WORK REQUEST = Apart from the images, the entire listing below must be restated word for word.

MATERIALS PROVIDED =
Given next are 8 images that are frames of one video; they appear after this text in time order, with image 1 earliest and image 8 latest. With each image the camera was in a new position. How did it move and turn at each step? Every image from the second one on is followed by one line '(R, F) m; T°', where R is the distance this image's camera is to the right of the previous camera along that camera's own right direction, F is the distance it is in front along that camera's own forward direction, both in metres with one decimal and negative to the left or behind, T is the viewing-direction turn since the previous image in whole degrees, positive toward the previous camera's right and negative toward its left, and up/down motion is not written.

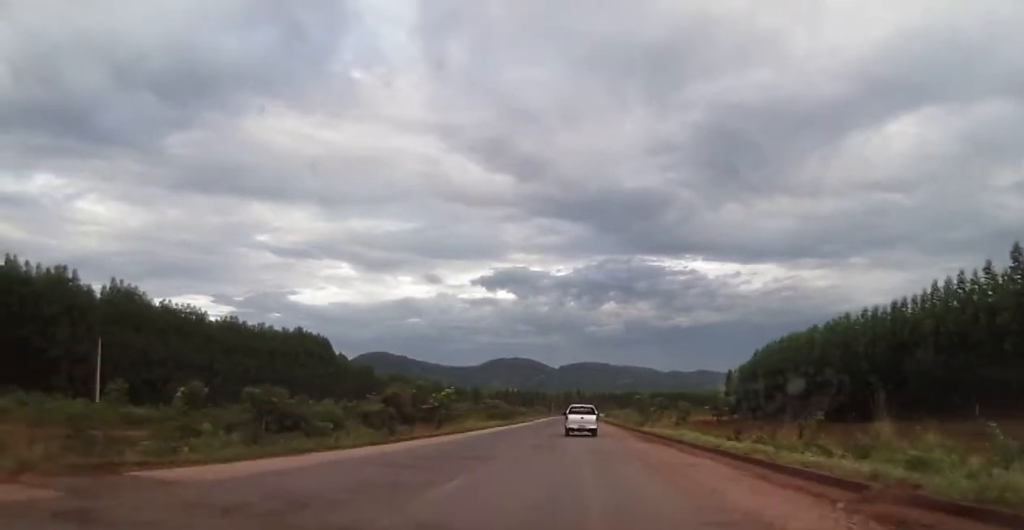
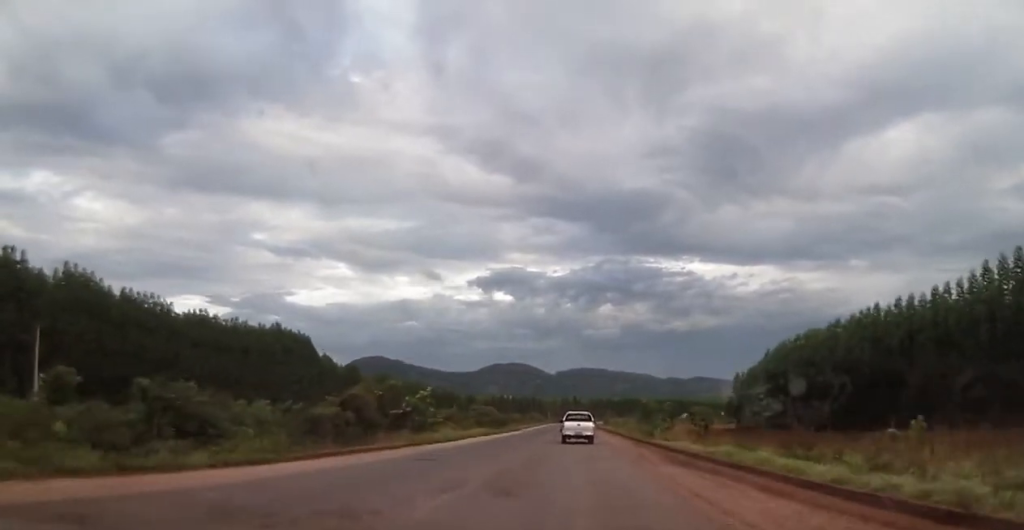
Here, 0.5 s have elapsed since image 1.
(+0.2, +10.9) m; 0°
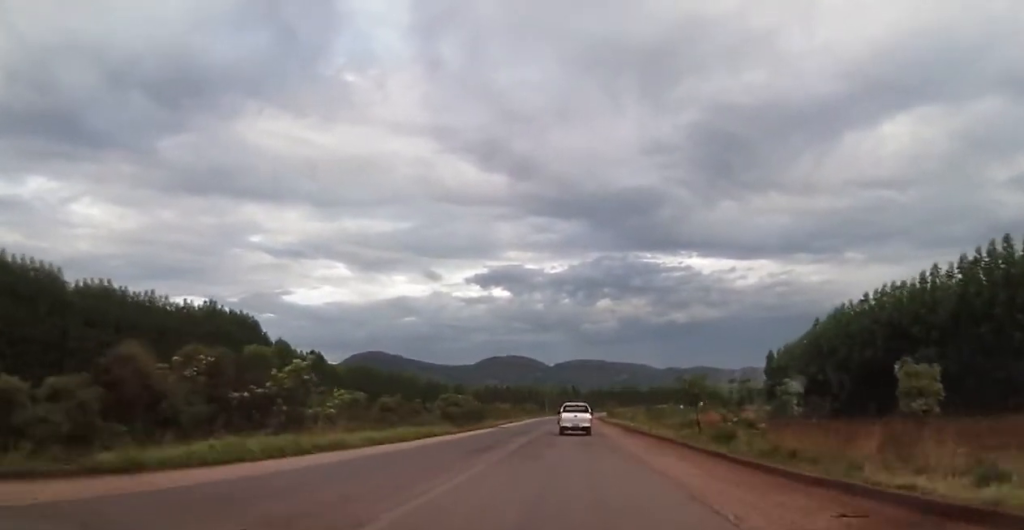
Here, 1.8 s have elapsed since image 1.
(-0.5, +29.2) m; 0°
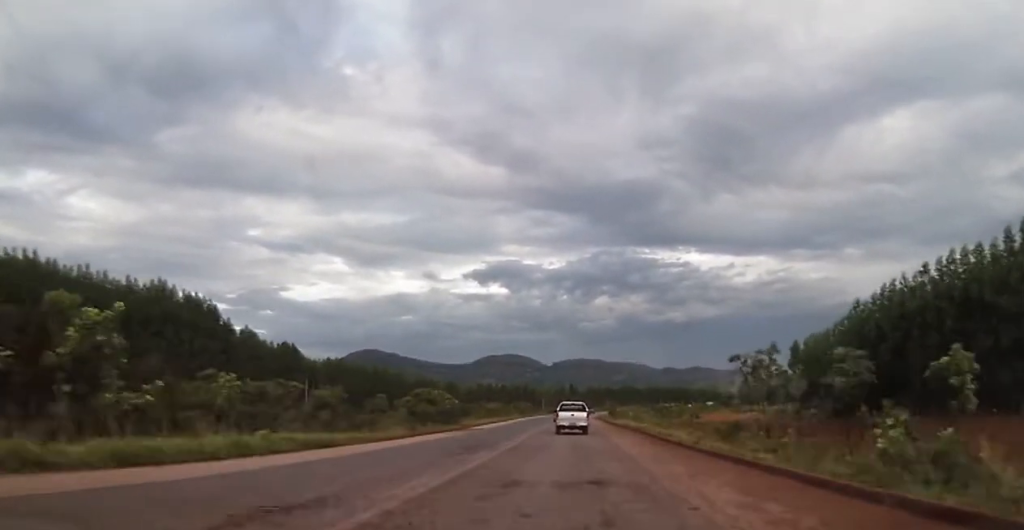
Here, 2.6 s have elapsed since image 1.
(+0.1, +16.9) m; +1°
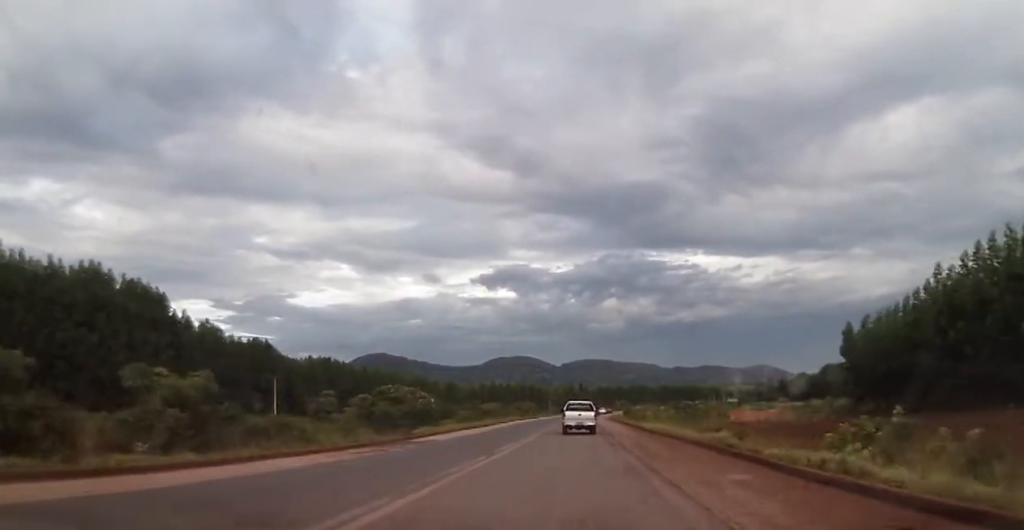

ANSWER TO THIS TASK =
Given next are 8 images that are frames of one video; they appear after this text in time order, with image 1 earliest and image 8 latest. With each image the camera was in a new position. How did it move and turn at each step? Every image from the second one on is followed by one line '(R, F) m; T°', where R is the distance this image's camera is to the right of the previous camera along that camera's own right direction, F is the distance it is in front along that camera's own forward direction, both in metres with one decimal and negative to the left or behind, T is the viewing-direction turn since the previous image in whole degrees, positive toward the previous camera's right and negative toward its left, and up/down motion is not written.

Here, 0.5 s have elapsed since image 1.
(+0.2, +10.9) m; 0°
Here, 1.8 s have elapsed since image 1.
(-0.5, +29.2) m; 0°
Here, 2.6 s have elapsed since image 1.
(+0.1, +16.9) m; +1°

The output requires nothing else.